Dataset records:
====================
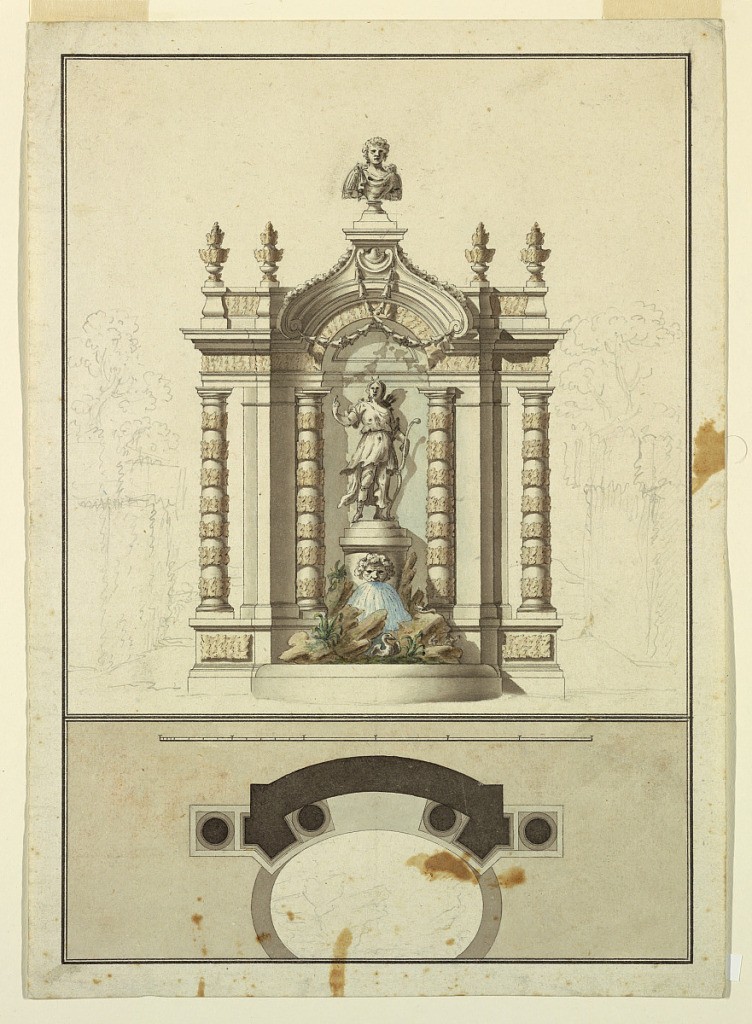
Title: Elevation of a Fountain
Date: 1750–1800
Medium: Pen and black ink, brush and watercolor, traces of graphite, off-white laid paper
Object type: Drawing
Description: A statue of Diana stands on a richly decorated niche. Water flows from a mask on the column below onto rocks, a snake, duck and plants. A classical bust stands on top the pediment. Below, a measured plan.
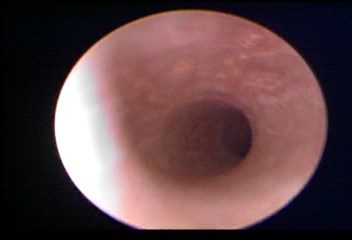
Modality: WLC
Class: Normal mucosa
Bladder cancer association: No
====================
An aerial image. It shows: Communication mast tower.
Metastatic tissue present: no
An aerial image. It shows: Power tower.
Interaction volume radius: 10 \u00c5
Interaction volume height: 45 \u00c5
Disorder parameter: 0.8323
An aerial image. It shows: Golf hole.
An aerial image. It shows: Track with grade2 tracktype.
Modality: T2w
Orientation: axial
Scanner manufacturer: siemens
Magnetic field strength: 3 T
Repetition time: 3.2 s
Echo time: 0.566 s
====================
Problem statement |
Return only the lines between the one holding "Orientation: axial" and the one holding "Echo time: 0.566 s", inclusive, exactly as they appear above.

Answer for the task |
Orientation: axial
Scanner manufacturer: siemens
Magnetic field strength: 3 T
Repetition time: 3.2 s
Echo time: 0.566 s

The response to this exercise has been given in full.